This chicken-or-the-egg problem typifies the detail concerns that have slowed the takeover process. But Miller says Charter Schools USA’s in-building teams are making headway in moving the process forward.

“Some folks [current staff] are still pretty upset about what’s happening, there’s a little bit of that. But every time we go there, it gets a little better. We’re very optimistic,” Miller says.

Keeping The Mood Light

It’s harder for T.C. Howe’s teachers to stay optimistic. They say the looming takeover has made it difficult for them to focus on tasks like upcoming state tests — which high school-age students must pass to graduate.

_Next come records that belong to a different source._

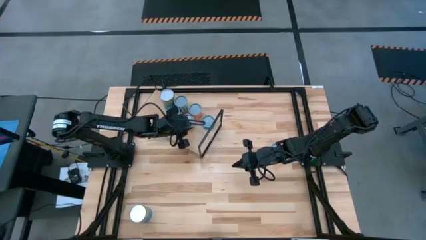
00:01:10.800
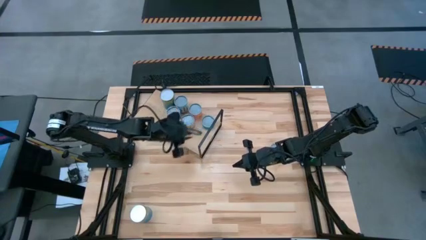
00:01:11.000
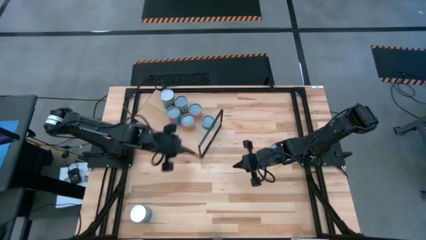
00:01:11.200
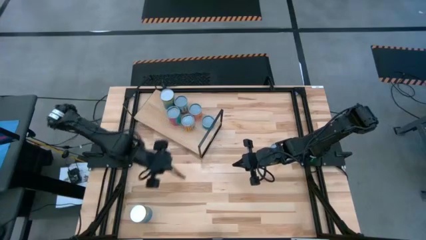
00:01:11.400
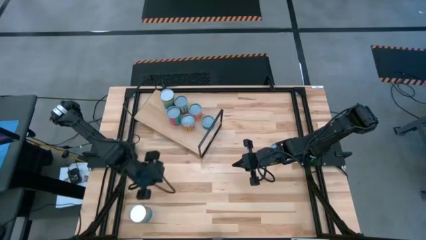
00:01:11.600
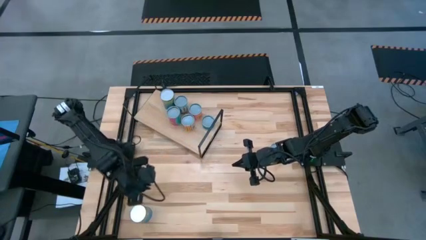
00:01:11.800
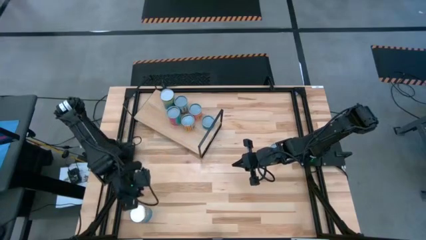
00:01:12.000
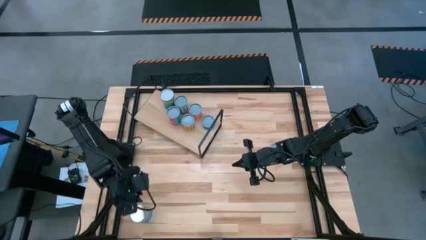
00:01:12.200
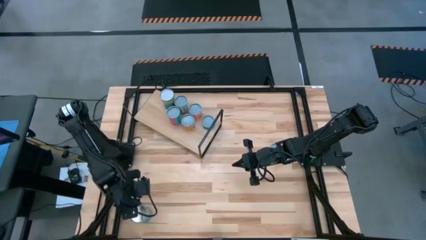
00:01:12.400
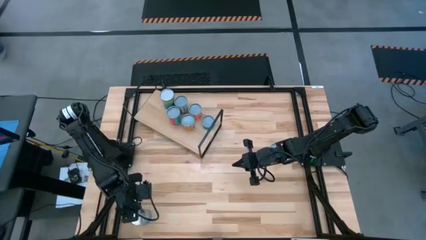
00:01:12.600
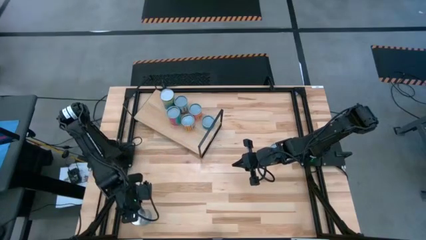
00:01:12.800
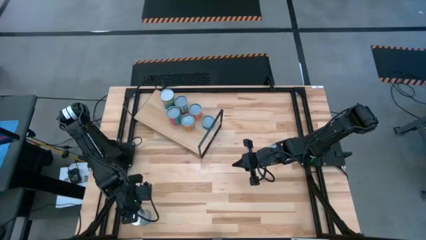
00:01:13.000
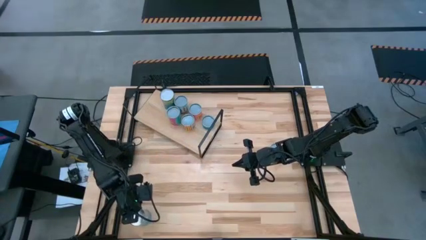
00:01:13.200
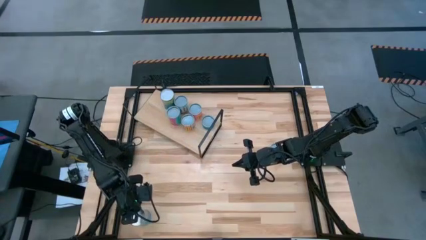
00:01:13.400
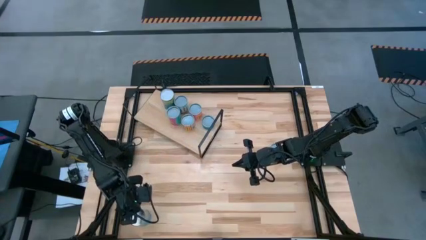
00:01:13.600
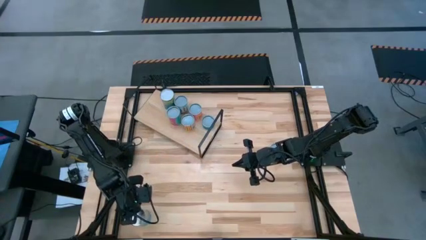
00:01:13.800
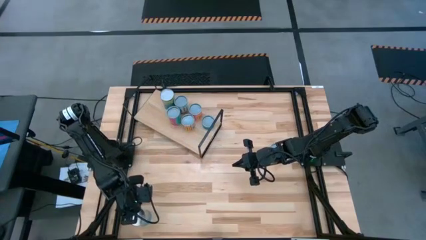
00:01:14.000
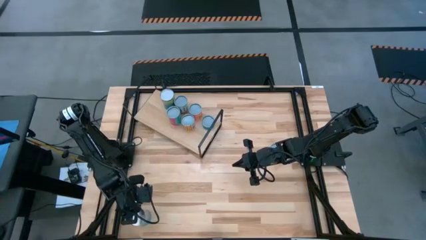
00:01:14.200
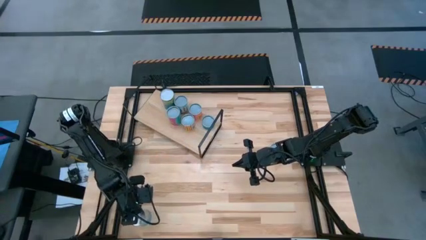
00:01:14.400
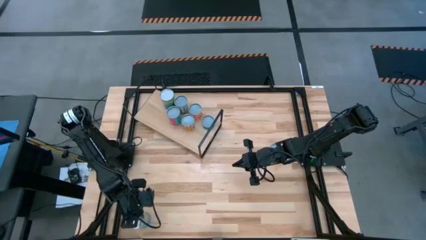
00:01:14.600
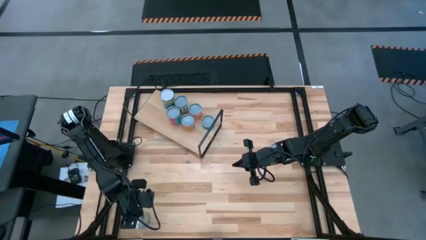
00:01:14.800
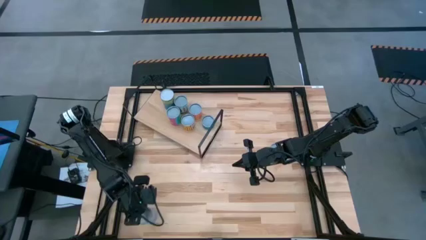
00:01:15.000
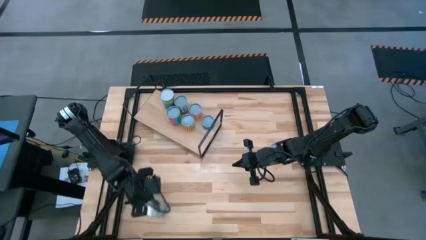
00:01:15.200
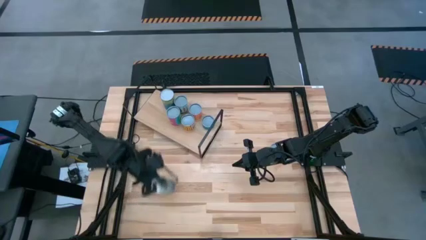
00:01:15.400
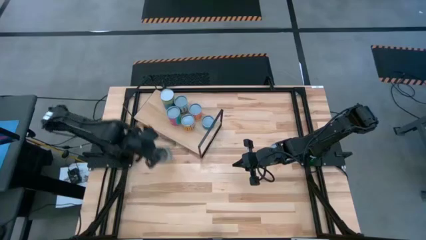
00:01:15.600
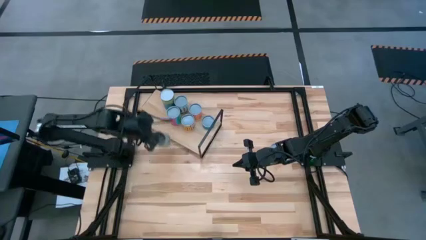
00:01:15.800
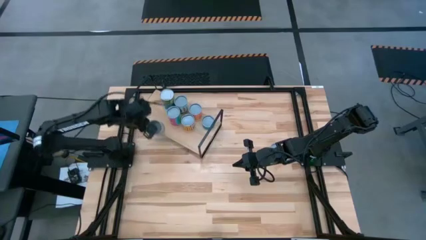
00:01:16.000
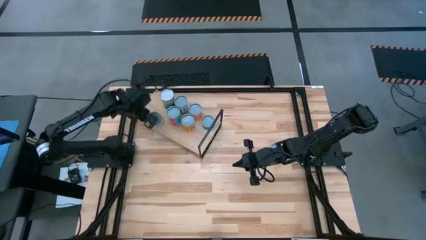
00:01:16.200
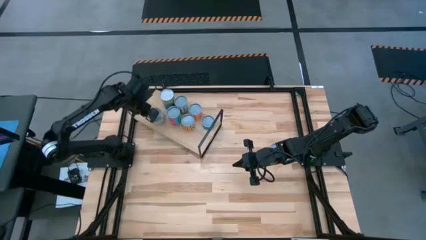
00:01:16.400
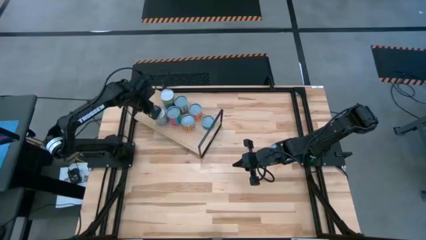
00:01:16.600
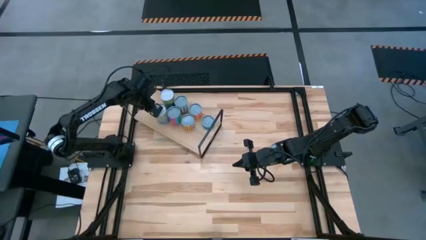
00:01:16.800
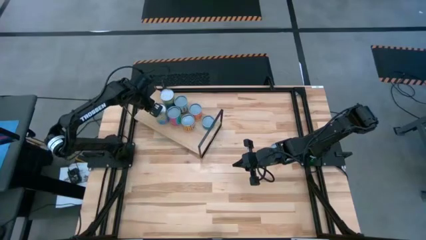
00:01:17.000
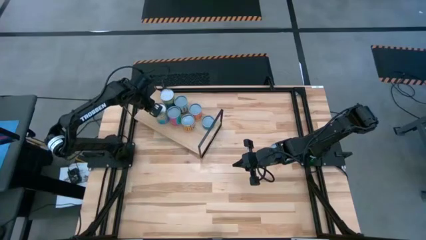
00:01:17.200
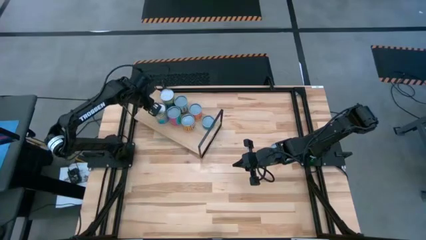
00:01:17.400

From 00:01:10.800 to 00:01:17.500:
Put the canned cherries on the shelf and align them with other canned cherries

“We’re the dance band on the Titanic,” says special education teacher Rich Haton, who has been with IPS for 8 years. “We’re gonna try to keep things light and jazzy and try to do our jobs like professionals until the last day, but we also know the ship’s sunk.”

Social studies teacher Linda Smith, who’s logged 16 years with IPS, says she has built relationships with students and parents. Because the school is a “community high school,” including Grades 7 through 12, Smith worries about what will happen to the students who transfer.

“I have educated families in that building since 2000. I have been through 3 and 4 and 5 siblings and watched them graduate,” Smith says. She says worries most about the students who are juniors this year, but have been at Howe since they were seventh graders.

The T.C. Howe teachers who spoke with StateImpact all say they feel loyal to Indianapolis Public Schools, and hope to stay with the district if they can. But the district is planning on making more cuts to its teaching force — and Charter Schools USA is hiring.